If your output is infeasible, your score for that test file is `0`.

---

## Objective

Let `dist(a,b)` be the shortest-path distance between intersections `a` and `b` in the road graph.

Let `S` be the set of chosen candidate sites, and let `P(S)` be their intersections.

For shipment `i`, define:

- Direct cost:
  `direct_i = dist(s_i, t_i)`

- Teleport-assisted cost:
  - if `S` is empty, this cost is treated as `+infinity`
  - otherwise  
    `tele_i = min_{x in P(S)} dist(s_i, x) + min_{y in P(S)} dist(t_i, y)`

The shipment cost is

`d_i = min(direct_i, tele_i)`

The objective value of your output is

`O = sum_{i=1..N} d_i`

Your goal is to **minimize** `O`.

---

## Scoring

For each test file, define the **baseline** solution as building no pads at all.

Its objective value is therefore

`B = sum_{i=1..N} dist(s_i, t_i)`

For a feasible submission with objective value `O`, the score for that test file is

`score = round(1,000,000 * max(0, min(1, (B - O) / B )))`

Since direct transport is always allowed, any feasible solution satisfies `O <= B`, so this is simply the relative improvement over the baseline, scaled to `1,000,000`.

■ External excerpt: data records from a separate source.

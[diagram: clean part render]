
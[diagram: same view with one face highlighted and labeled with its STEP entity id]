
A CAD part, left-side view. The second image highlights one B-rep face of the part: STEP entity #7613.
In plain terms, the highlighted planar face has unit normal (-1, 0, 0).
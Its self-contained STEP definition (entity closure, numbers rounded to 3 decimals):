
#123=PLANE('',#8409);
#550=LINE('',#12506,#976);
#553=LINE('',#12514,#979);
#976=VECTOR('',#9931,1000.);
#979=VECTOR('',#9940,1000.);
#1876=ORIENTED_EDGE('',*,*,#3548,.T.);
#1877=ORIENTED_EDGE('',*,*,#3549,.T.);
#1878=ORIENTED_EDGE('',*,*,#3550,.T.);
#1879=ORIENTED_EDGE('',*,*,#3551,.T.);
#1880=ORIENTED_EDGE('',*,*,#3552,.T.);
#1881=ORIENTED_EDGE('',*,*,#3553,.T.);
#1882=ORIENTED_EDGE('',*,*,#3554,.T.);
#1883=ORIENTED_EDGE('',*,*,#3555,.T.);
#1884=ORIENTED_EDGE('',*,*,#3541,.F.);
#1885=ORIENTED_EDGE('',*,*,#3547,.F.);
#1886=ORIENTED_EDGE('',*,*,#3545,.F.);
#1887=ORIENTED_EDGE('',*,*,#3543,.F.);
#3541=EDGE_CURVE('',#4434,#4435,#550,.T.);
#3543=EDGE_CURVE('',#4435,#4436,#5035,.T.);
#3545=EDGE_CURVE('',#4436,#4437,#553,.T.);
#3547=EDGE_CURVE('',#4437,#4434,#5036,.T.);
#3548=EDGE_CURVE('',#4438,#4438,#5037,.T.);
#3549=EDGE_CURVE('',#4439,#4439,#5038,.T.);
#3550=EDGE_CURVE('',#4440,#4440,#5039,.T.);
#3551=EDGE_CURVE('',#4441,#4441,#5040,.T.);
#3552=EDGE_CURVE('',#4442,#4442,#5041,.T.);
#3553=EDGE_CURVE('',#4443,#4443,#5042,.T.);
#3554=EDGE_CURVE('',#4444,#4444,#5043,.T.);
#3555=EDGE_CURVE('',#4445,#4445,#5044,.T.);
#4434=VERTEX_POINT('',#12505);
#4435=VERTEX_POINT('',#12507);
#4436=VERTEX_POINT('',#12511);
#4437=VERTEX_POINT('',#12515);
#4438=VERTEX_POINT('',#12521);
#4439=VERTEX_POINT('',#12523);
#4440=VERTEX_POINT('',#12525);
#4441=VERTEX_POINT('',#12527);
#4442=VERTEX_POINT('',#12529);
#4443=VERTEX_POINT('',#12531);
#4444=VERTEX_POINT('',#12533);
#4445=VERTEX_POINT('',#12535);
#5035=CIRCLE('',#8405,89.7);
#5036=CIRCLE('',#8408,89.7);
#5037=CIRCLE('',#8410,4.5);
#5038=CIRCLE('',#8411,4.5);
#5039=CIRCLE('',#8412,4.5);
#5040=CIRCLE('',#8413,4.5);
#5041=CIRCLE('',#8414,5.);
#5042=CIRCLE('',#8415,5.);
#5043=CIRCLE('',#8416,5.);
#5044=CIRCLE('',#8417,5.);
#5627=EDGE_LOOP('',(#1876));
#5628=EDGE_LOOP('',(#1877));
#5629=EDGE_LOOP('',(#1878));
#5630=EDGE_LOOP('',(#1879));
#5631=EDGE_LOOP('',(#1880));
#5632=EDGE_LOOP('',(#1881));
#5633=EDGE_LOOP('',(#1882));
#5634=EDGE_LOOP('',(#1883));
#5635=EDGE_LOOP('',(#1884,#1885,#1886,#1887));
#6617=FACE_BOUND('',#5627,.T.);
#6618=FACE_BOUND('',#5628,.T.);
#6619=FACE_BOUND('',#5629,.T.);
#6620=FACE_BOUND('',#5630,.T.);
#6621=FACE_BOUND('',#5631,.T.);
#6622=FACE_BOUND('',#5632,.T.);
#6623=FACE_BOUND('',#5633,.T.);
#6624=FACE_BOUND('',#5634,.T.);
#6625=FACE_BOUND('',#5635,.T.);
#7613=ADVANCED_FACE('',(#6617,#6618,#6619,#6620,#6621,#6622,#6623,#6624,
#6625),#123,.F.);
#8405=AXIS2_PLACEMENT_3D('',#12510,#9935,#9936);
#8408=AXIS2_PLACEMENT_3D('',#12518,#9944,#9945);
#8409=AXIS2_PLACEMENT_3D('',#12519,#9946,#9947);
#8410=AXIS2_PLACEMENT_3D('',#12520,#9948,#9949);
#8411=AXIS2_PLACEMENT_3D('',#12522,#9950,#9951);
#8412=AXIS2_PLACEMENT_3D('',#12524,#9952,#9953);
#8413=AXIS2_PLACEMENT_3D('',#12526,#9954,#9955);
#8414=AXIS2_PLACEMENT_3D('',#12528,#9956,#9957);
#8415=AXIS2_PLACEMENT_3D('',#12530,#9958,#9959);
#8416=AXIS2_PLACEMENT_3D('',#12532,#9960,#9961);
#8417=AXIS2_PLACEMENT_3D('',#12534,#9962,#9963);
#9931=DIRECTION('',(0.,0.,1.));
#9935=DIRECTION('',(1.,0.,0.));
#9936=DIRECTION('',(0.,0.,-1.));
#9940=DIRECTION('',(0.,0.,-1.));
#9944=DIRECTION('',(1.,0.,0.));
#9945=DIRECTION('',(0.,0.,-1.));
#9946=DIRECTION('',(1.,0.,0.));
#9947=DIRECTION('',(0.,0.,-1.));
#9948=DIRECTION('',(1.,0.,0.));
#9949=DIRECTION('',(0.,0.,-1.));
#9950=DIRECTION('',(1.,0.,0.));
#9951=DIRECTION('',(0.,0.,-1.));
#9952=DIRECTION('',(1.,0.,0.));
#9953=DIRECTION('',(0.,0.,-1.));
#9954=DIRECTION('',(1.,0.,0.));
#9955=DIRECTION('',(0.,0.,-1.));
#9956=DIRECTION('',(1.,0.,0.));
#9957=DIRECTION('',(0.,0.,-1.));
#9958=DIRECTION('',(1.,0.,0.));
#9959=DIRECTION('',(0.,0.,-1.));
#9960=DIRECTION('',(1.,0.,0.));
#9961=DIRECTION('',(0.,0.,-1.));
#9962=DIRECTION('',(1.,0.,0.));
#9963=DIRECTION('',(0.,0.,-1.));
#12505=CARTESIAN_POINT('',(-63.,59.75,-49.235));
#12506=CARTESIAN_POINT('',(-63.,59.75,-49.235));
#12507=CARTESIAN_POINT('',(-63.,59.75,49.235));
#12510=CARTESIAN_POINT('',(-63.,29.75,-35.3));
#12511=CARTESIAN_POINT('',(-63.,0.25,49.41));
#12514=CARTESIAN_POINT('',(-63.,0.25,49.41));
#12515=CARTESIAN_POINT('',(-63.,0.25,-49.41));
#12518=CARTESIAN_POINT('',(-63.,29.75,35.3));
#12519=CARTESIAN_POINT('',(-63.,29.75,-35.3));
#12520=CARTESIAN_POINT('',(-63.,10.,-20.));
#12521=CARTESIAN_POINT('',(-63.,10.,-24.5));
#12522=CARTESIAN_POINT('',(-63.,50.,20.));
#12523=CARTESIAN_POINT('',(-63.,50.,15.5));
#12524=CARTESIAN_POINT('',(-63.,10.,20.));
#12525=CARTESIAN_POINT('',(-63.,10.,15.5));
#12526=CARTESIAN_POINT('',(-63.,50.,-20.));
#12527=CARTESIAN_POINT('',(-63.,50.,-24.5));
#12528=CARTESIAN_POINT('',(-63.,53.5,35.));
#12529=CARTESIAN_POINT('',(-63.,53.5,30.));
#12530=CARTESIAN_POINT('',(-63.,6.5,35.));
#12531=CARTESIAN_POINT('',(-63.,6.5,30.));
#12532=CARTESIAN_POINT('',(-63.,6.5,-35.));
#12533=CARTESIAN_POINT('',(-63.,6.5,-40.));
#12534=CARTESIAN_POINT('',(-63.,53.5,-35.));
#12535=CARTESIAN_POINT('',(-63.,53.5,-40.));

- Baseline solution: score `0`
- Better solutions: higher scores
- Perfectly eliminating all driving distance: score `1,000,000`

If your output is infeasible, the score is `0`.

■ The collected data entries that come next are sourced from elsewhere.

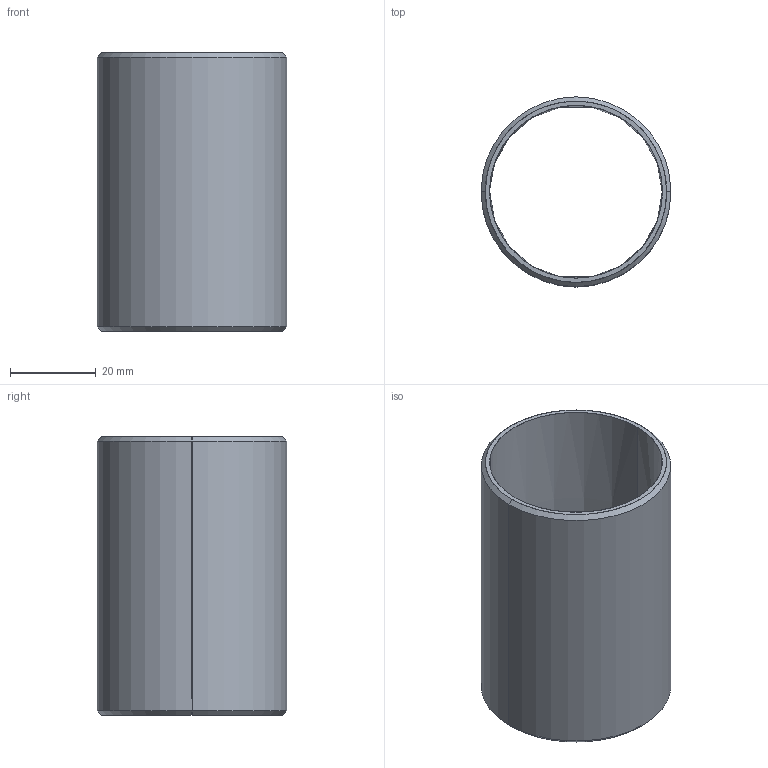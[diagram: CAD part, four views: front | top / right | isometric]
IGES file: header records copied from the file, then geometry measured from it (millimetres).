
Start section: SolidWorks IGES file using analytic representation for surfaces
Global section: file name: 50114-240.igs; native system: SolidWorks 2015; preprocessor: SolidWorks 2015; author: Christian; date: 190710.115937; units: millimetre
Bounding box: 44.3 x 44.3 x 65 mm (x, y, z)
Surface area: 17650.7 mm2 (no closed solid volume)
Topology: 0 solids, 0 shells, 234 faces, 2781 edges, 2781 vertices
Faces by surface type: bspline 190, revolution 44

The total score of a submission is the sum of its scores over all test files.

---

## Constraints

- `2 <= V <= 8000`
- `V-1 <= E <= 40000`
- `1 <= M <= 3000`
- `1 <= N <= 100000`
- `1 <= C <= 10^12`
- `1 <= w <= 10^9`
- `1 <= cost_j <= 10^9`
- `1 <= u, v, p_j, s_i, t_i <= V`
- `s_i != t_i`
- candidate site intersections `p_j` are distinct

The exact optimum is intended to be computationally difficult in general; heuristic and approximation methods are expected.

- Time limit: 4 seconds
- Memory limit: 1024 MB

---

## Example

### Sample input
```text
5 6 3 3 7
1 2 4
2 3 4
3 4 4
4 5 4
1 5 20
2 5 7
2 3
4 4
5 5
1 4
1 5
3 5
```

### Sample output
```text
2
1
2
```

### Explanation

There are 3 candidate pad sites:

- site 1 at intersection 2, cost 3
- site 2 at intersection 4, cost 4
- site 3 at intersection 5, cost 5

The sample output builds sites 1 and 2, with total cost `3 + 4 = 7`, which fits the budget.

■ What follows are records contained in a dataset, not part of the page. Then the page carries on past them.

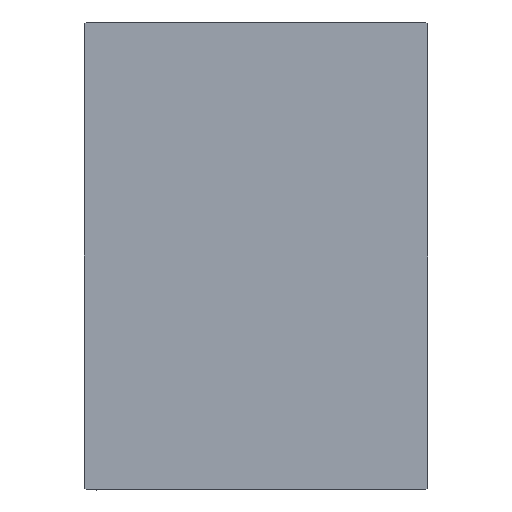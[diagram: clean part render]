
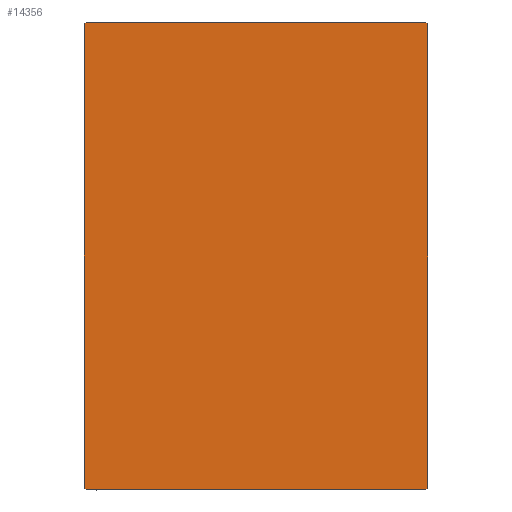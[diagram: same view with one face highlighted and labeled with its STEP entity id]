
A CAD part, left-side view. The second image highlights one B-rep face of the part: STEP entity #14356.
In plain terms, the highlighted face is planar.
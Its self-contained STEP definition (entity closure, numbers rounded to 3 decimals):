
#525 = ORIENTED_EDGE ( 'NONE', *, *, #32434, .T. ) ;
#600 = DIRECTION ( 'NONE',  ( 0., 0., -1. ) ) ;
#2311 = AXIS2_PLACEMENT_3D ( 'NONE', #5640, #8724, #18897 ) ;
#3635 = DIRECTION ( 'NONE',  ( 0., 0.707, -0.707 ) ) ;
#4541 = EDGE_CURVE ( 'NONE', #25939, #26030, #7281, .T. ) ;
#5135 = CARTESIAN_POINT ( 'NONE',  ( 135., 27.5, 37.2 ) ) ;
#5199 = CARTESIAN_POINT ( 'NONE',  ( 135., 27.5, 37.5 ) ) ;
#5640 = CARTESIAN_POINT ( 'NONE',  ( 135., 0., 0. ) ) ;
#5891 = DIRECTION ( 'NONE',  ( 0., 0., 1. ) ) ;
#5936 = VECTOR ( 'NONE', #600, 1000. ) ;
#7281 = LINE ( 'NONE', #14136, #21244 ) ;
#8724 = DIRECTION ( 'NONE',  ( 1., 0., 0. ) ) ;
#9643 = CARTESIAN_POINT ( 'NONE',  ( 135., 27.5, -37.5 ) ) ;
#9784 = ORIENTED_EDGE ( 'NONE', *, *, #40538, .T. ) ;
#10851 = VECTOR ( 'NONE', #3635, 1000. ) ;
#10949 = DIRECTION ( 'NONE',  ( 0., -0.707, -0.707 ) ) ;
#11460 = EDGE_CURVE ( 'NONE', #26176, #11981, #22864, .T. ) ;
#11981 = VERTEX_POINT ( 'NONE', #39832 ) ;
#14136 = CARTESIAN_POINT ( 'NONE',  ( 135., 32.35, 32.35 ) ) ;
#14356 = ADVANCED_FACE ( 'NONE', ( #28648 ), #15357, .T. ) ;
#14977 = VERTEX_POINT ( 'NONE', #15093 ) ;
#15093 = CARTESIAN_POINT ( 'NONE',  ( 135., -27.5, -37.2 ) ) ;
#15357 = PLANE ( 'NONE',  #2311 ) ;
#17372 = LINE ( 'NONE', #24028, #18148 ) ;
#18148 = VECTOR ( 'NONE', #10949, 1000. ) ;
#18851 = ORIENTED_EDGE ( 'NONE', *, *, #4541, .T. ) ;
#18897 = DIRECTION ( 'NONE',  ( 0., 0., -1. ) ) ;
#20127 = EDGE_CURVE ( 'NONE', #32391, #14977, #41709, .T. ) ;
#21205 = ORIENTED_EDGE ( 'NONE', *, *, #37241, .T. ) ;
#21244 = VECTOR ( 'NONE', #40028, 1000. ) ;
#22408 = EDGE_CURVE ( 'NONE', #23016, #25939, #36047, .T. ) ;
#22864 = LINE ( 'NONE', #36798, #26252 ) ;
#23016 = VERTEX_POINT ( 'NONE', #32076 ) ;
#23371 = CARTESIAN_POINT ( 'NONE',  ( 135., -27.5, 37.2 ) ) ;
#23831 = EDGE_CURVE ( 'NONE', #14977, #26176, #33937, .T. ) ;
#24028 = CARTESIAN_POINT ( 'NONE',  ( 135., -32.35, 32.35 ) ) ;
#25695 = CARTESIAN_POINT ( 'NONE',  ( 135., 27.2, 37.5 ) ) ;
#25939 = VERTEX_POINT ( 'NONE', #5135 ) ;
#26030 = VERTEX_POINT ( 'NONE', #25695 ) ;
#26176 = VERTEX_POINT ( 'NONE', #30986 ) ;
#26252 = VECTOR ( 'NONE', #36354, 1000. ) ;
#27509 = CARTESIAN_POINT ( 'NONE',  ( 135., -32.35, -32.35 ) ) ;
#28648 = FACE_OUTER_BOUND ( 'NONE', #32145, .T. ) ;
#28998 = VERTEX_POINT ( 'NONE', #41219 ) ;
#29066 = DIRECTION ( 'NONE',  ( 0., 0.707, 0.707 ) ) ;
#29544 = ORIENTED_EDGE ( 'NONE', *, *, #11460, .T. ) ;
#29624 = ORIENTED_EDGE ( 'NONE', *, *, #22408, .T. ) ;
#30986 = CARTESIAN_POINT ( 'NONE',  ( 135., -27.2, -37.5 ) ) ;
#31969 = LINE ( 'NONE', #5199, #33691 ) ;
#32076 = CARTESIAN_POINT ( 'NONE',  ( 135., 27.5, -37.2 ) ) ;
#32145 = EDGE_LOOP ( 'NONE', ( #29544, #9784, #29624, #18851, #21205, #525, #40755, #39517 ) ) ;
#32167 = CARTESIAN_POINT ( 'NONE',  ( 135., 32.35, -32.35 ) ) ;
#32391 = VERTEX_POINT ( 'NONE', #23371 ) ;
#32434 = EDGE_CURVE ( 'NONE', #28998, #32391, #17372, .T. ) ;
#33691 = VECTOR ( 'NONE', #42122, 1000. ) ;
#33937 = LINE ( 'NONE', #27509, #10851 ) ;
#34504 = VECTOR ( 'NONE', #29066, 1000. ) ;
#34651 = CARTESIAN_POINT ( 'NONE',  ( 135., -27.5, 37.5 ) ) ;
#36047 = LINE ( 'NONE', #9643, #40017 ) ;
#36354 = DIRECTION ( 'NONE',  ( 0., 1., 0. ) ) ;
#36798 = CARTESIAN_POINT ( 'NONE',  ( 135., -27.5, -37.5 ) ) ;
#37241 = EDGE_CURVE ( 'NONE', #26030, #28998, #31969, .T. ) ;
#38581 = LINE ( 'NONE', #32167, #34504 ) ;
#39517 = ORIENTED_EDGE ( 'NONE', *, *, #23831, .T. ) ;
#39832 = CARTESIAN_POINT ( 'NONE',  ( 135., 27.2, -37.5 ) ) ;
#40017 = VECTOR ( 'NONE', #5891, 1000. ) ;
#40028 = DIRECTION ( 'NONE',  ( 0., -0.707, 0.707 ) ) ;
#40538 = EDGE_CURVE ( 'NONE', #11981, #23016, #38581, .T. ) ;
#40755 = ORIENTED_EDGE ( 'NONE', *, *, #20127, .T. ) ;
#41219 = CARTESIAN_POINT ( 'NONE',  ( 135., -27.2, 37.5 ) ) ;
#41709 = LINE ( 'NONE', #34651, #5936 ) ;
#42122 = DIRECTION ( 'NONE',  ( 0., -1., 0. ) ) ;

Shortest direct shipment costs are:

- `1 -> 4`: `12`
- `1 -> 5`: `11`
- `3 -> 5`: `8`

So the baseline is `B = 31`.

With pads at intersections 2 and 4:

- `1 -> 4`: drive `1 -> 2` (4), teleport `2 -> 4` (0), drive `4 -> 4` (0), total `4`
- `1 -> 5`: drive `1 -> 2` (4), teleport `2 -> 4` (0), drive `4 -> 5` (4), total `8`
- `3 -> 5`: best remains `8`

Thus `O = 4 + 8 + 8 = 20`.

Relative improvement is `(31 - 20) / 31 = 11/31`, so the score for this file is approximately `354,839`.